At present, Lam and her team have done tests on mice and in the lab. The new approach could potentially solve the problem on antibiotic resistance. Such problem is becoming big; hence becoming a "fundamental threat" to global health, according to the United Nations.

The polymers could kill the bacteria in different ways. They can break apart the bacteria's cell walls. This will cause stress to the bacteria until they start to kill themselves. In the tests, the team was able to kill all the targeted bacteria. Moreover, they did not seem to develop polymer-resistance. According to Phys.org, the polymers are short chains of proteins created by the team from Melbourne School of Engineering.

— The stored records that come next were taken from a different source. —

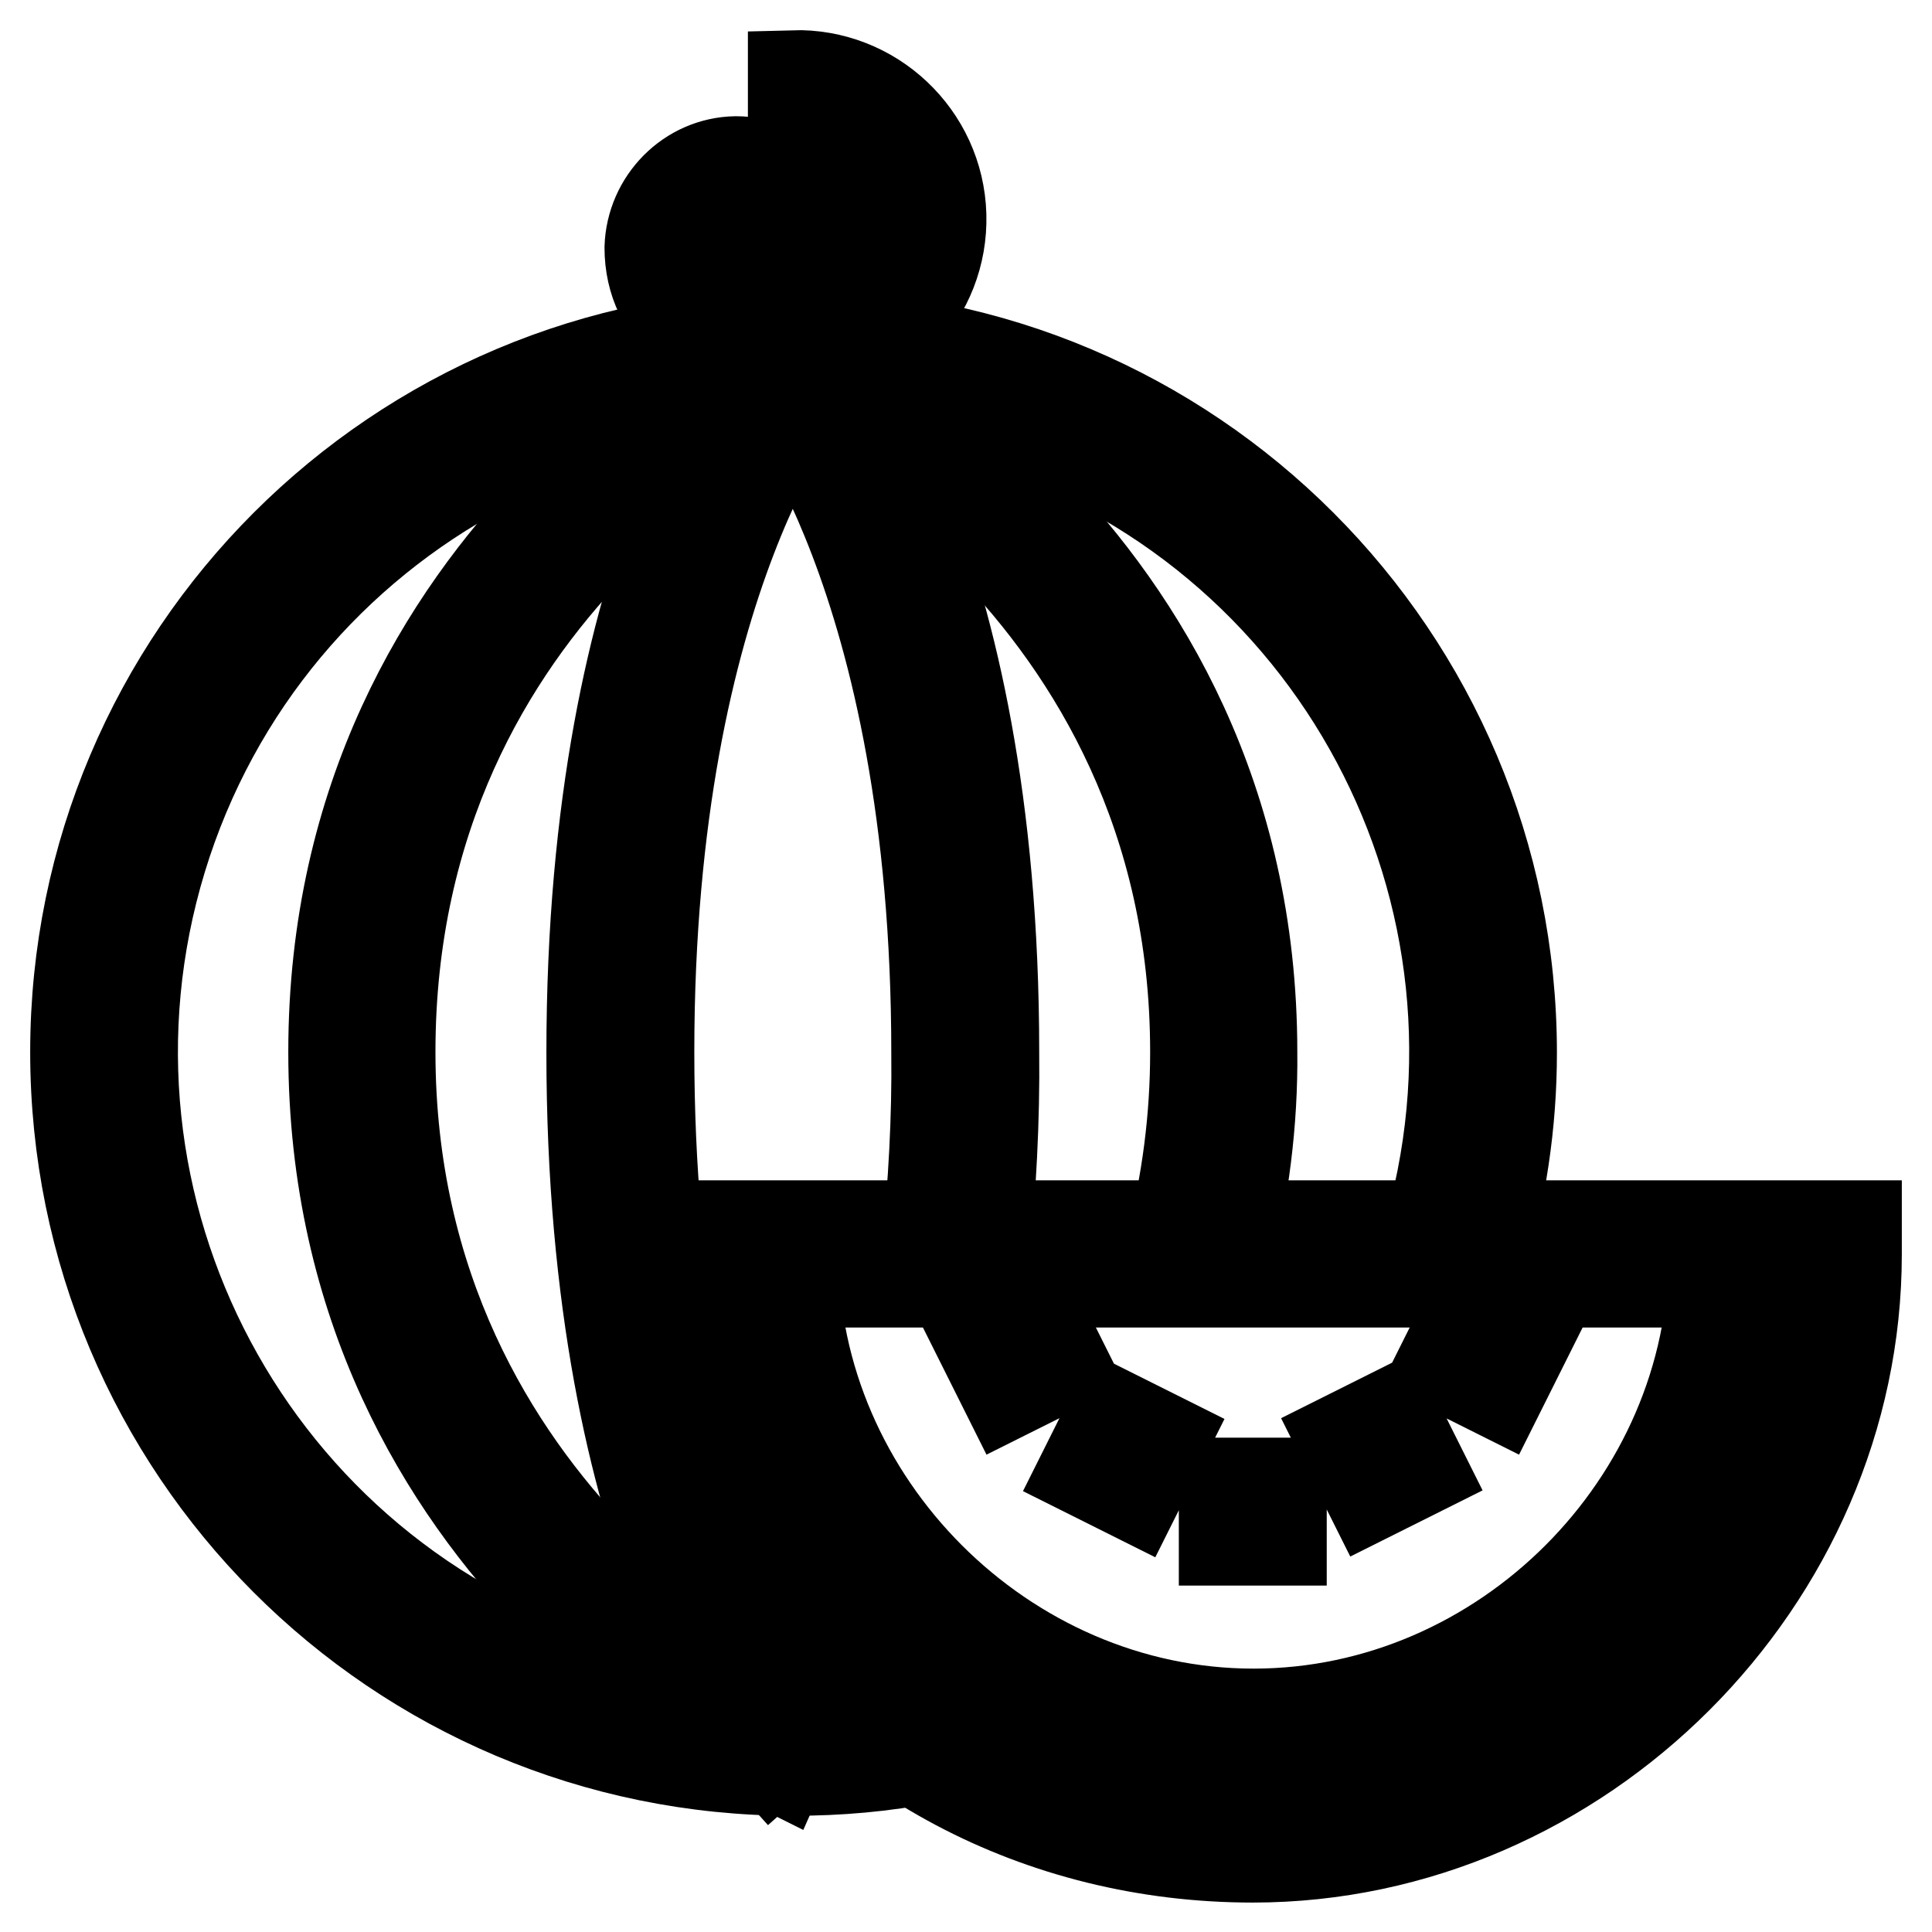 <?xml version="1.0" encoding="utf-8"?>
<!-- Svg Vector Icons : http://www.onlinewebfonts.com/icon -->
<!DOCTYPE svg PUBLIC "-//W3C//DTD SVG 1.1//EN" "http://www.w3.org/Graphics/SVG/1.1/DTD/svg11.dtd">
<svg version="1.1" xmlns="http://www.w3.org/2000/svg" xmlns:xlink="http://www.w3.org/1999/xlink" x="0px" y="0px" viewBox="0 0 256 256" enable-background="new 0 0 256 256" xml:space="preserve">
<g> <path stroke-width="12" fill-opacity="0" stroke="#000000"  d="M130,177.9l7.6-3.8l3.4,6.8l-7.6,3.8L130,177.9z M143.6,194.9l3.8-7.6l6.8,3.4l-3.8,7.6L143.6,194.9z  M177.8,190.6l6.8-3.4l3.8,7.6l-6.8,3.4L177.8,190.6z M191,180.9l3.4-6.8l7.6,3.8l-3.4,6.8L191,180.9z M162.2,196.5h7.6v7.6h-7.6 V196.5z"/> <path stroke-width="12" fill-opacity="0" stroke="#000000"  d="M166,234.6c-37.2,0-68.5-31.4-68.5-68.5h7.6c0,33,27.9,61,61,61c33.1,0,61-27.9,61-61h7.6 C234.6,203.2,203.2,234.6,166,234.6z"/> <path stroke-width="12" fill-opacity="0" stroke="#000000"  d="M166,246.1c-28.2,0-53.6-13.5-68-36c-7.6-12-12-28-12-43.8v-3.8l3.8-0.1H246v3.8 C246,209.4,209.4,246.1,166,246.1L166,246.1z M93.8,169.9c0.5,12.7,4.2,25.1,10.7,36c13,20.3,36,32.5,61.5,32.5 c37.9,0,70.2-31,72.3-68.5H93.8z M105.1,48c-11.4,0-19-6.1-19-15.2c0.2-6.2,5.2-11.3,11.4-11.4c6.3,0,11.4,5.1,11.4,11.4h-7.6 c0-2.1-1.7-3.8-3.8-3.8c-2,0.1-3.7,1.8-3.8,3.8c0,7.1,8.7,7.6,11.4,7.6c6.3,0,11.4-5.1,11.4-11.4c0-6.3-5.1-11.4-11.4-11.4V10 c10.5-0.3,19.3,8,19.6,18.5c0.3,10.5-8,19.3-18.5,19.6C105.8,48,105.5,48,105.1,48z"/> <path stroke-width="12" fill-opacity="0" stroke="#000000"  d="M105.1,234.6C52.5,234.6,10,192,10,139.4c0-52.5,42.6-95.1,95.2-95.1c52.5,0,95.1,42.6,95.1,95.2 c0,9.4-1.4,18.7-4.1,27.6l-7.3-2.2c14.1-46.3-12-95.2-58.2-109.3c-46.3-14.1-95.2,12-109.3,58.2c-14.1,46.3,12,95.2,58.2,109.3 c8.3,2.5,16.9,3.8,25.6,3.8c5.5,0,11-0.5,16.5-1.5l1.4,7.5C117.1,234.1,111.1,234.6,105.1,234.6z"/> <path stroke-width="12" fill-opacity="0" stroke="#000000"  d="M102.2,233.4c-1-1.1-23.8-27.5-23.8-93.9c0-66.5,22.8-92.8,23.8-93.9l5.7,5.1l-2.8-2.5l2.9,2.5 C107.7,50.8,86,76.2,86,139.4c0,63.2,21.7,88.6,21.9,88.9L102.2,233.4z"/> <path stroke-width="12" fill-opacity="0" stroke="#000000"  d="M103.5,234.3c-0.6-0.3-59.3-27.4-59.3-94.9c0-67.5,58.7-94.6,59.3-94.9l3.1,7c-2.2,1-54.9,25.5-54.9,87.9 c0,62.4,54.4,87.7,54.9,87.9L103.5,234.3z"/> <path stroke-width="12" fill-opacity="0" stroke="#000000"  d="M130.4,166.5l-7.6-0.8c0.9-8.7,1.4-17.5,1.3-26.2c0-63.2-21.7-88.6-21.9-88.9l5.7-5.1 c1,1.1,23.8,27.5,23.8,93.9C131.8,148.5,131.3,157.5,130.4,166.5z"/> <path stroke-width="12" fill-opacity="0" stroke="#000000"  d="M162.5,167.1l-7.4-2c2.2-8.4,3.3-17,3.3-25.7c0-62.6-54.4-87.7-54.9-87.9l3.1-7 c0.6,0.3,59.3,27.4,59.3,94.9C166,148.7,164.8,158,162.5,167.1z"/></g>
</svg>

Also called structurally nanoengineered antimicrobial peptide polymers (SNAPPs), the polymers directly attack and penetrate the bacteria's cell membrane, and then destabilize them. Unlike antibiotics which can also affect healthy bacteria cells, SNAPPs don't affect the healthy cells.

While these star-shaped polymers still need more tests, the current findings provide great hope to solve that the problem with antibiotic-resistant bacteria. Nature Biology has published the research and scientists believe it could make great changes in the modern medicine.

As of writing, data shows that antibiotic-resistant bacteria kill aproximately 700,000 people every year. A recent study revealed that the number could go up to 10 million in 2050. Apparently, the research can indeed give high hopes for health improvement.